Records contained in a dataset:

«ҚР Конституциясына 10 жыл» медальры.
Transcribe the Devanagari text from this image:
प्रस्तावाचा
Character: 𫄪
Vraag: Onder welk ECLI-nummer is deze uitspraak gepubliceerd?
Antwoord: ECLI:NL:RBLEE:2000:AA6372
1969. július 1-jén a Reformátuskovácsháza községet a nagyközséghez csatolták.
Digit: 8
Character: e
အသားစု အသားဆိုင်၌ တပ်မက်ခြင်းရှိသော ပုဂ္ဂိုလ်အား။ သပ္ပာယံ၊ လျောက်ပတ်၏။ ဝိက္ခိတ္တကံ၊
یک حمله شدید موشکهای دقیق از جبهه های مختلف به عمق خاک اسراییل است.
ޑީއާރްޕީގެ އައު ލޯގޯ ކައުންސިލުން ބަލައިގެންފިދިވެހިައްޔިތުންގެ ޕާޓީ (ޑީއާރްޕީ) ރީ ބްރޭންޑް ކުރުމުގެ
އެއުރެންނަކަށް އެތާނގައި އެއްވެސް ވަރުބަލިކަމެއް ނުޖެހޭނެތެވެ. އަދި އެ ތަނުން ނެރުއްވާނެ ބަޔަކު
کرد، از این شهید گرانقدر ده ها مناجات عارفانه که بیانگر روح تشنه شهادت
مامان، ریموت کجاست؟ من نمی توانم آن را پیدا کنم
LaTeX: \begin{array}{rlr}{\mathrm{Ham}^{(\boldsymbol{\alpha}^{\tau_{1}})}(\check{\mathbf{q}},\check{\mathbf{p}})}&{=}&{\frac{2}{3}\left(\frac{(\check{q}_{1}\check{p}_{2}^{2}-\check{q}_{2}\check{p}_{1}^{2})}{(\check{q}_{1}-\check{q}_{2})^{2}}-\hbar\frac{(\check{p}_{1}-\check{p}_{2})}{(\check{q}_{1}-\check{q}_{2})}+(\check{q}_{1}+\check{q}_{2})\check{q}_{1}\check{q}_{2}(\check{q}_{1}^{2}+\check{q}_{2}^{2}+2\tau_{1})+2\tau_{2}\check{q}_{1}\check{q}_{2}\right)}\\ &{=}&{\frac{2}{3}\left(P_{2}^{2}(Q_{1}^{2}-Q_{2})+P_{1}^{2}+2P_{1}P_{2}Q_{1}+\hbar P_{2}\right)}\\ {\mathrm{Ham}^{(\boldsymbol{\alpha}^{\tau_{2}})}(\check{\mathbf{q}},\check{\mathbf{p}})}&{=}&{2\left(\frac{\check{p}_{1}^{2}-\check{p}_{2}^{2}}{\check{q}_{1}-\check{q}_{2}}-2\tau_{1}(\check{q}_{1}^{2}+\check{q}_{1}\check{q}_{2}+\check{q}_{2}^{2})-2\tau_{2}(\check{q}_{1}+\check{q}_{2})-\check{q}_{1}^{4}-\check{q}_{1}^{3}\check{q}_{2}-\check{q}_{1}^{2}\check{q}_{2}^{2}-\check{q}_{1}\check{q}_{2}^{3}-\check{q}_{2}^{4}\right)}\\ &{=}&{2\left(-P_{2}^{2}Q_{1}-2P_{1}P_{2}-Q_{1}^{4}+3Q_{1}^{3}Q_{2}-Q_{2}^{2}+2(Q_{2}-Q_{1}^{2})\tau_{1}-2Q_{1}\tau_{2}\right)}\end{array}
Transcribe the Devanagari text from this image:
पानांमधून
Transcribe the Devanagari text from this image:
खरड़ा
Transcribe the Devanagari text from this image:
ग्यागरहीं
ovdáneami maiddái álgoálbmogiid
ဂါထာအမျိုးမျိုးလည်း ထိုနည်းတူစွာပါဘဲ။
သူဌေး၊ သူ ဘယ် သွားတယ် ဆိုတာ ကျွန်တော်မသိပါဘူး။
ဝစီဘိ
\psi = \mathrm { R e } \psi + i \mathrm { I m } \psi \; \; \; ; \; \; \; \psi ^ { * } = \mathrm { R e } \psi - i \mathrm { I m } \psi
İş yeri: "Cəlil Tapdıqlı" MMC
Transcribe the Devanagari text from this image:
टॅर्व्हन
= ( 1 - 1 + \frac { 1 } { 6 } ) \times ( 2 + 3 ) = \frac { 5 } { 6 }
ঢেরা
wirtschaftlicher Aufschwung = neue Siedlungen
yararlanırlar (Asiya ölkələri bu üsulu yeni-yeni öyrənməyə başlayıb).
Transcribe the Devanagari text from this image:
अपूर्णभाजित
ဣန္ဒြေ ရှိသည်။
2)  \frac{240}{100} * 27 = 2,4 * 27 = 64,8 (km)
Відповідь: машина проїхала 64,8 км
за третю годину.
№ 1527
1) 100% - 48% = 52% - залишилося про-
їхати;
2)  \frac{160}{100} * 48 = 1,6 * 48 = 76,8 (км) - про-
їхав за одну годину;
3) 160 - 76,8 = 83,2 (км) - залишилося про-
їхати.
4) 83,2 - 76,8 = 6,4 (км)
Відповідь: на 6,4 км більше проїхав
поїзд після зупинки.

» **Assignment**:
For this exercise, copy word for word the line that contains "за третю годину." and every line after it, ending with the last line of the entries above.

» **Expected answer**:
за третю годину.
№ 1527
1) 100% - 48% = 52% - залишилося про-
їхати;
2)  \frac{160}{100} * 48 = 1,6 * 48 = 76,8 (км) - про-
їхав за одну годину;
3) 160 - 76,8 = 83,2 (км) - залишилося про-
їхати.
4) 83,2 - 76,8 = 6,4 (км)
Відповідь: на 6,4 км більше проїхав
поїзд після зупинки.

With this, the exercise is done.